CHICAGO, Ill. – Fitch Ratings, one of the three largest debt-rating companies in the world, put U.S. Treasury bonds on Rating Watch Negative, which could be a step toward cutting the government’s AAA debt rating.
The move is a response to the threat of default caused by the deadlock in Congress over the U.S. debt ceiling. If lawmakers don’t reach an agreement to increase the nation’s borrowing authority before the end of the day, the government would have limited ability to make payments on the $16.7 trillion national debt and other operating expenses, such as Social Security and payments to government contractors.

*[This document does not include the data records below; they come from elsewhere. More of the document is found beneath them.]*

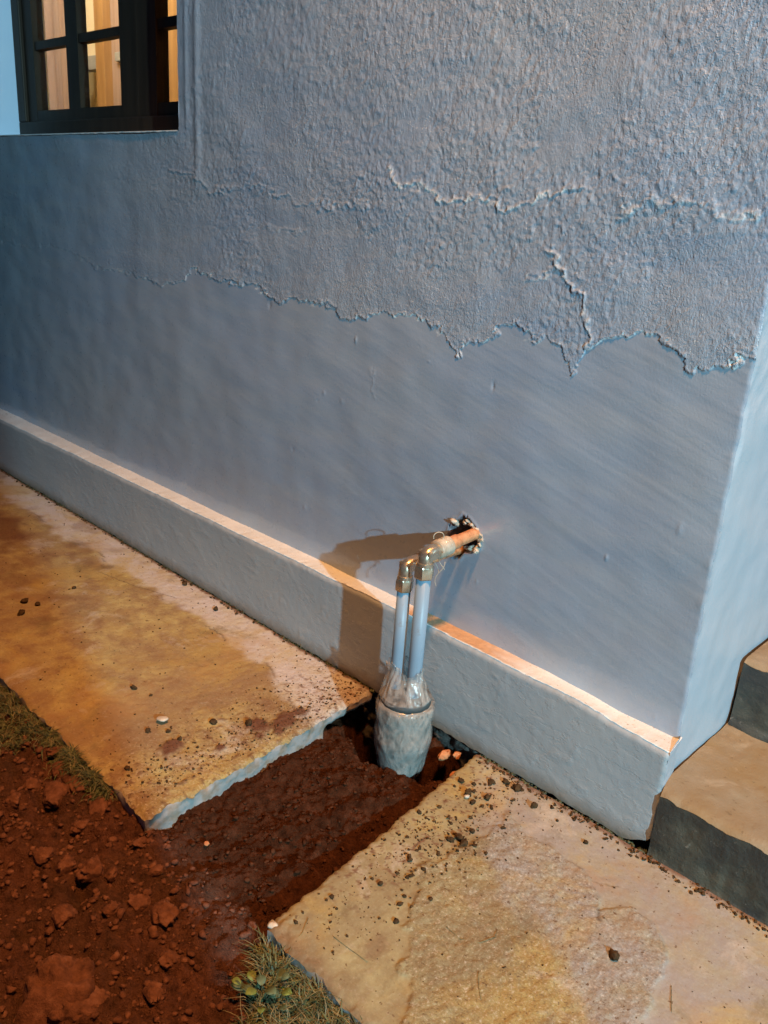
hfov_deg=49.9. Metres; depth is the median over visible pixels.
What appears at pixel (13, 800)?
earth clod
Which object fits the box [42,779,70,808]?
earth clod
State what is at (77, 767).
grass
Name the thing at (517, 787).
soil clod
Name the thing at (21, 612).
soil clod
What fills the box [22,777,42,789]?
earth clod
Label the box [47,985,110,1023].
earth clod
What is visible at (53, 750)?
earth clod
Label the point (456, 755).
brick bit
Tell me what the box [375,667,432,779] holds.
pipe insulation
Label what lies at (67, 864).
earth clod
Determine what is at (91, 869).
earth clod
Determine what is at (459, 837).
soil clod
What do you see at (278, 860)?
loose earth
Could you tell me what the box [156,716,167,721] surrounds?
pebble
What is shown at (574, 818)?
soil crumbs
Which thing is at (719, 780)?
front steps
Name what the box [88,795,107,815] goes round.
earth clod
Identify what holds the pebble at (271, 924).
on the pavement at (682, 944)
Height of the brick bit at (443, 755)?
0.026 m
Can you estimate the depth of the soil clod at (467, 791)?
1.53 m
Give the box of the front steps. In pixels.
[647,641,767,925]
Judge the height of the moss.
0.012 m
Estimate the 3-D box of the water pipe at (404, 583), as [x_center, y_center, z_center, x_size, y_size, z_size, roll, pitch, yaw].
[0.098,0.299,1.724,0.036,0.495,0.238,21,26,40]
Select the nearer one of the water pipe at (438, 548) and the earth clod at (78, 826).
the earth clod at (78, 826)
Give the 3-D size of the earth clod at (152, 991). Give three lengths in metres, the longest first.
0.035 x 0.030 x 0.018 m
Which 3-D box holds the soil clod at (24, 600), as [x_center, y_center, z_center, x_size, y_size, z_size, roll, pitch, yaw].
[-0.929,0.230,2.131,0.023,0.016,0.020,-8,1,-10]
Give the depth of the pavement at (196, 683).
1.88 m
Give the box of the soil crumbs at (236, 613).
[0,470,363,797]
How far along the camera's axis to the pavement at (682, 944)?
1.25 m
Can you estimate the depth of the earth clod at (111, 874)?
1.32 m
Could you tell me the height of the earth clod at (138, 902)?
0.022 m
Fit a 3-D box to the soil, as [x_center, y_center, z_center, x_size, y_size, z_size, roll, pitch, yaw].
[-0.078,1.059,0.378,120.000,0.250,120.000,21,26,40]
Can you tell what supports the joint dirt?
on the soil
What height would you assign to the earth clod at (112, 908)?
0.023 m
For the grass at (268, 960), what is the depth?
1.13 m
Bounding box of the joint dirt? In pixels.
[3,470,745,914]
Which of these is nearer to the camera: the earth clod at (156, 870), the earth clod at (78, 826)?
the earth clod at (156, 870)
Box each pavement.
[0,469,371,833]
[267,755,767,1023]
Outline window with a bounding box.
[10,0,178,133]
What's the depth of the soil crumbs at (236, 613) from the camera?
1.75 m
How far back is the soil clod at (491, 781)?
1.57 m
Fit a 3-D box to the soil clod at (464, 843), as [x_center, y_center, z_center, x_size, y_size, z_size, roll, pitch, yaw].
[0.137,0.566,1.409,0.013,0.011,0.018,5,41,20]
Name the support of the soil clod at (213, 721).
on the pavement at (196, 683)
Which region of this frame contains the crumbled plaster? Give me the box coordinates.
[450,518,483,553]
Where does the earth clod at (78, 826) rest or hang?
on the soil
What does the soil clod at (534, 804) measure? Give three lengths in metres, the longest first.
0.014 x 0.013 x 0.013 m
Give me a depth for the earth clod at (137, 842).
1.40 m
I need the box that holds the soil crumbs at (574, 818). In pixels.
[289,757,767,1023]
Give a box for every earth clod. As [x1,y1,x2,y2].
[2,792,20,808]
[14,953,95,1023]
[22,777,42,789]
[32,846,52,864]
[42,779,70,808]
[45,745,62,757]
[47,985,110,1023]
[51,903,77,927]
[52,760,64,779]
[55,854,76,876]
[61,774,84,793]
[70,819,90,835]
[75,855,103,882]
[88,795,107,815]
[101,901,120,915]
[104,866,118,882]
[127,893,150,911]
[131,836,154,846]
[142,981,165,1004]
[147,863,164,877]
[151,899,179,926]
[157,949,181,969]
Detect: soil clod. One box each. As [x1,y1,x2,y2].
[17,609,24,615]
[20,598,27,602]
[209,719,216,724]
[245,719,251,725]
[454,833,463,841]
[460,838,467,846]
[464,788,470,796]
[483,793,490,800]
[488,779,495,783]
[502,778,509,784]
[512,783,521,791]
[531,802,537,808]
[608,948,619,960]
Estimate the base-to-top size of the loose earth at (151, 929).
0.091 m
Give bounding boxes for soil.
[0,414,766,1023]
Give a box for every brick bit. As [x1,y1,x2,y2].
[437,749,449,760]
[452,751,460,759]
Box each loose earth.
[0,708,317,1023]
[162,738,442,926]
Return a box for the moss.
[6,473,365,685]
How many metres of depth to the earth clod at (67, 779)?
1.52 m
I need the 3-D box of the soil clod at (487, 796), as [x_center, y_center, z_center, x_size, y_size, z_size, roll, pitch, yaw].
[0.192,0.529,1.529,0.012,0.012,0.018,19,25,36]
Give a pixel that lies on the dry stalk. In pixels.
(470, 940)
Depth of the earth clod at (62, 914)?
1.23 m
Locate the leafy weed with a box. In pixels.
[231,968,291,1014]
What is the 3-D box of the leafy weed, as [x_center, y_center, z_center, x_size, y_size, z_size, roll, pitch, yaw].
[-0.169,0.660,1.133,0.084,0.047,0.072,2,20,-6]
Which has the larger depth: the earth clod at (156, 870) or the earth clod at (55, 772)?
the earth clod at (55, 772)
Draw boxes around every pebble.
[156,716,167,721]
[267,920,277,928]
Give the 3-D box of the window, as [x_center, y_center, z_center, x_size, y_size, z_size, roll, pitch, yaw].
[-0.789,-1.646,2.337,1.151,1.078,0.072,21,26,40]
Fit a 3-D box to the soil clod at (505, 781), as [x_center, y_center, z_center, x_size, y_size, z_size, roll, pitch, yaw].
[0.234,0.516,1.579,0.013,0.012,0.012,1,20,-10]
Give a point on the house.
(320, 320)
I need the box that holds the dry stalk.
[446,926,496,942]
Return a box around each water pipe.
[389,543,469,689]
[406,528,479,698]
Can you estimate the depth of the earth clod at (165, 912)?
1.25 m
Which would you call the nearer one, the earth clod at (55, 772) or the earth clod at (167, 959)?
the earth clod at (167, 959)
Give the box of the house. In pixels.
[0,0,767,839]
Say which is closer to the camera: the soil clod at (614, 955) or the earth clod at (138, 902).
the soil clod at (614, 955)
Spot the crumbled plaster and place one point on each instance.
(474, 549)
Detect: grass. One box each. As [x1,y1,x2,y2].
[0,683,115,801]
[0,685,119,801]
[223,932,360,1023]
[230,926,361,1023]
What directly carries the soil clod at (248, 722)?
on the pavement at (196, 683)
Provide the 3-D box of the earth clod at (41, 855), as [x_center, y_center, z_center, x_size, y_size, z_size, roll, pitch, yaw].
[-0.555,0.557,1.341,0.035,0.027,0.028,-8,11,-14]
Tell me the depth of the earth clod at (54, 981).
1.11 m

The U.S. Senate is believed to be working on a deal to end the partial government shutdown and raise the debt ceiling, giving lawmakers more time to reach a long-term spending plan. Tea Party Republicans prevented the House from voting on a similar proposal last night.
“The prolonged negotiations over raising the debt ceiling … risks undermining confidence in the role of the U.S. dollar as the preeminent global reserve currency, by casting doubt over the full faith and credit of the U.S.,” Fitch said in a statement. “This `faith’ is a key reason why the U.S. ‘AAA’ rating can tolerate a substantially higher level of public debt than other AAA” bonds.”
“The announcement reflects the urgency with which Congress should act to remove the threat of default hanging over the economy,” the Treasury Department responded.
A study released this week by Bard College suggests that rapid cuts to government spending forced by the need to immediately balance the budget would cause unemployment to surge over the 9.5 percent mark and cause the U.S. economy to shrink by nearly 3 percent.
Moody’s has not indicated plans to change its Aaa rating on U.S. government debt, but S&P already lowered its U.S. credit rating from AAA to AA+ in 2011 in response to a previous debt ceiling crisis.